Task item
The answer must be an exact copy of the records below, with every picture left out.

Supplied records
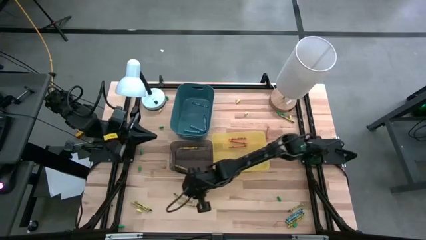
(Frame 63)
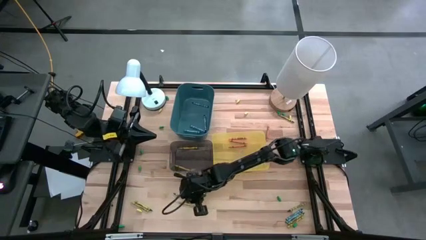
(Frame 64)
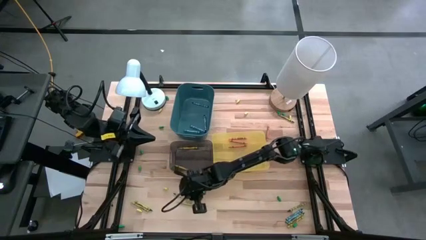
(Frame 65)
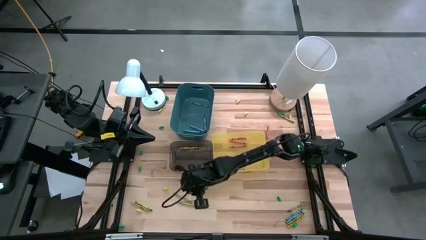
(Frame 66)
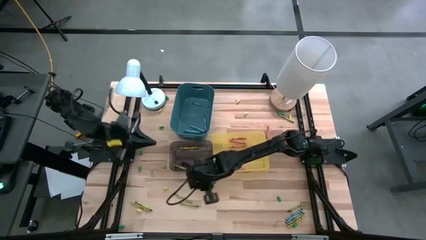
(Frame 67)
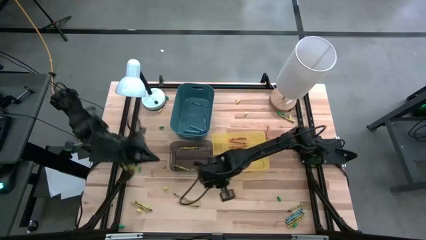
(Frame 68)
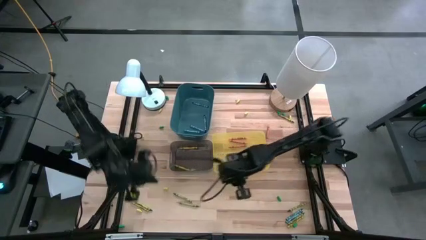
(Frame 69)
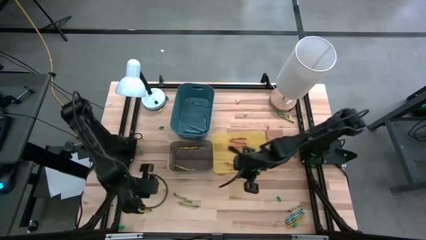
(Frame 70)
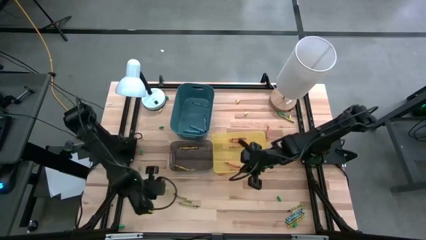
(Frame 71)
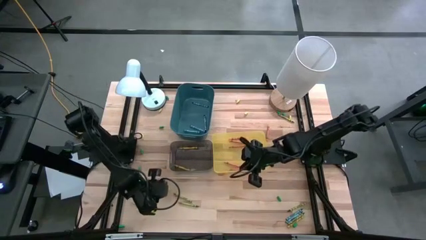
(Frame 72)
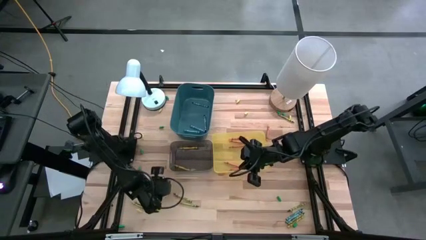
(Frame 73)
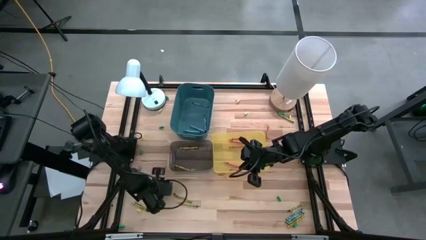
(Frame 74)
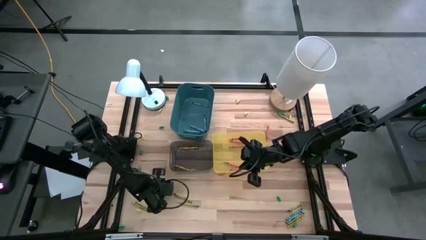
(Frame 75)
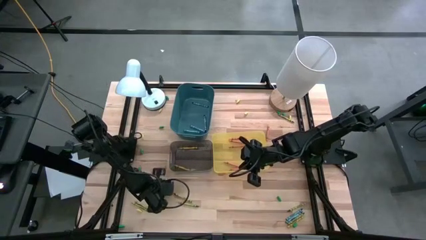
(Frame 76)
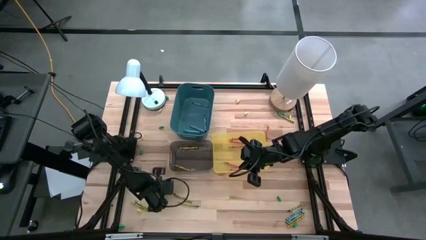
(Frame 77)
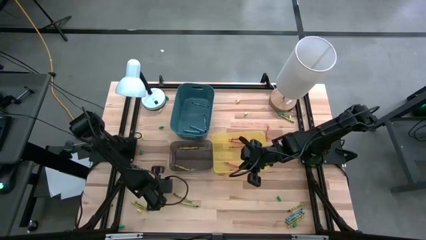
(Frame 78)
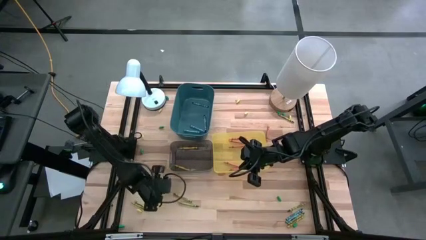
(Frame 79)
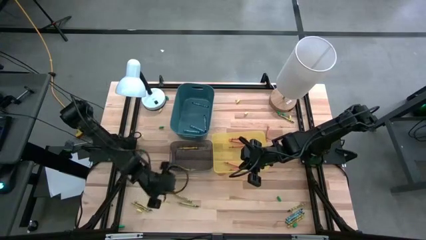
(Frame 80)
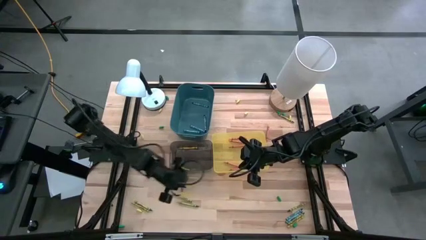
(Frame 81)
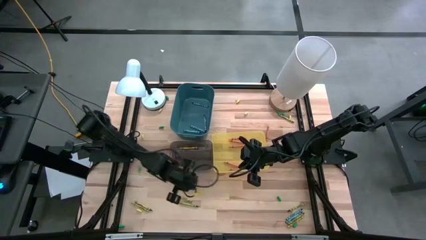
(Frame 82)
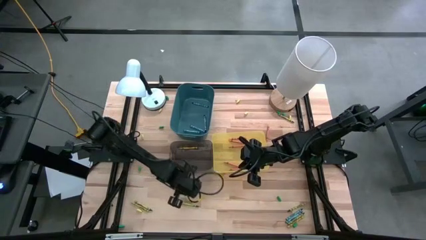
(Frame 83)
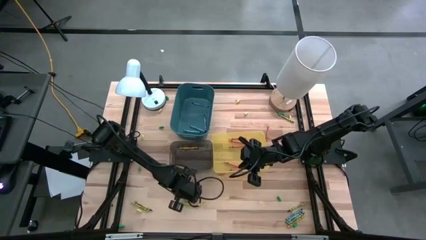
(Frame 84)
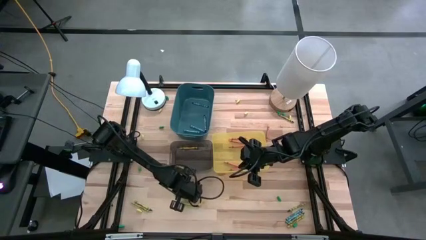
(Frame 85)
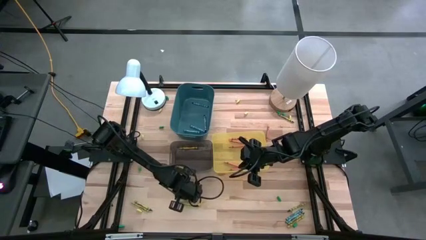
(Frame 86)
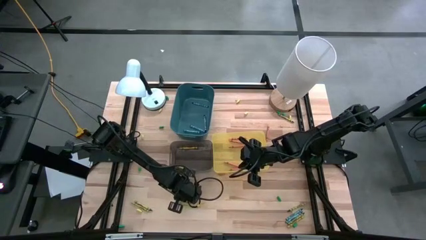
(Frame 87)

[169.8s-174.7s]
Move the yellow crayon to the bottom left of the table

Exercise response
(Frame 63)
(Frame 64)
(Frame 65)
(Frame 66)
(Frame 67)
(Frame 68)
(Frame 69)
(Frame 70)
(Frame 71)
(Frame 72)
(Frame 73)
(Frame 74)
(Frame 75)
(Frame 76)
(Frame 77)
(Frame 78)
(Frame 79)
(Frame 80)
(Frame 81)
(Frame 82)
(Frame 83)
(Frame 84)
(Frame 85)
(Frame 86)
(Frame 87)

[169.8s-174.7s]
Move the yellow crayon to the bottom left of the table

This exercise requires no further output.